[Records from a dataset]
════════════════

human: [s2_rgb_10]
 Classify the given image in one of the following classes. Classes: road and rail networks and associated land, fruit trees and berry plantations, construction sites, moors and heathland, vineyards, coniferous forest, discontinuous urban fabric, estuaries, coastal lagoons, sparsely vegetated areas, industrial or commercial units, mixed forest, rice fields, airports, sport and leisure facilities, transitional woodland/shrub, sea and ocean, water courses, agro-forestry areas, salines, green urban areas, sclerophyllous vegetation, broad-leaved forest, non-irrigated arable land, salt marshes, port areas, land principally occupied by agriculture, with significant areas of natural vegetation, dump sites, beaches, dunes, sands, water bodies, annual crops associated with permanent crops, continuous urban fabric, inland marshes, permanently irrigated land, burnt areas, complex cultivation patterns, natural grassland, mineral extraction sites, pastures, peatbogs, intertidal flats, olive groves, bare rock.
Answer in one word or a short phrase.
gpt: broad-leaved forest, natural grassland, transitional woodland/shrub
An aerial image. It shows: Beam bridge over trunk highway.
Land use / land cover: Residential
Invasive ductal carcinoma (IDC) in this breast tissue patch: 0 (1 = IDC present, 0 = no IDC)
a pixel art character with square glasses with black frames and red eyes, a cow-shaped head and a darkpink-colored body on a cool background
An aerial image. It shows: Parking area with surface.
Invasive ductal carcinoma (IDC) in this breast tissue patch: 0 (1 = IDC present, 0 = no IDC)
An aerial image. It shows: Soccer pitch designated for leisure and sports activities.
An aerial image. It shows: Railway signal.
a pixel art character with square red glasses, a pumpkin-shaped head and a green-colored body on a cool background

════════════════

Assignment |
Output every line from the records, exactly as written.

Written response |
human: [s2_rgb_10]
 Classify the given image in one of the following classes. Classes: road and rail networks and associated land, fruit trees and berry plantations, construction sites, moors and heathland, vineyards, coniferous forest, discontinuous urban fabric, estuaries, coastal lagoons, sparsely vegetated areas, industrial or commercial units, mixed forest, rice fields, airports, sport and leisure facilities, transitional woodland/shrub, sea and ocean, water courses, agro-forestry areas, salines, green urban areas, sclerophyllous vegetation, broad-leaved forest, non-irrigated arable land, salt marshes, port areas, land principally occupied by agriculture, with significant areas of natural vegetation, dump sites, beaches, dunes, sands, water bodies, annual crops associated with permanent crops, continuous urban fabric, inland marshes, permanently irrigated land, burnt areas, complex cultivation patterns, natural grassland, mineral extraction sites, pastures, peatbogs, intertidal flats, olive groves, bare rock.
Answer in one word or a short phrase.
gpt: broad-leaved forest, natural grassland, transitional woodland/shrub
An aerial image. It shows: Beam bridge over trunk highway.
Land use / land cover: Residential
Invasive ductal carcinoma (IDC) in this breast tissue patch: 0 (1 = IDC present, 0 = no IDC)
a pixel art character with square glasses with black frames and red eyes, a cow-shaped head and a darkpink-colored body on a cool background
An aerial image. It shows: Parking area with surface.
Invasive ductal carcinoma (IDC) in this breast tissue patch: 0 (1 = IDC present, 0 = no IDC)
An aerial image. It shows: Soccer pitch designated for leisure and sports activities.
An aerial image. It shows: Railway signal.
a pixel art character with square red glasses, a pumpkin-shaped head and a green-colored body on a cool background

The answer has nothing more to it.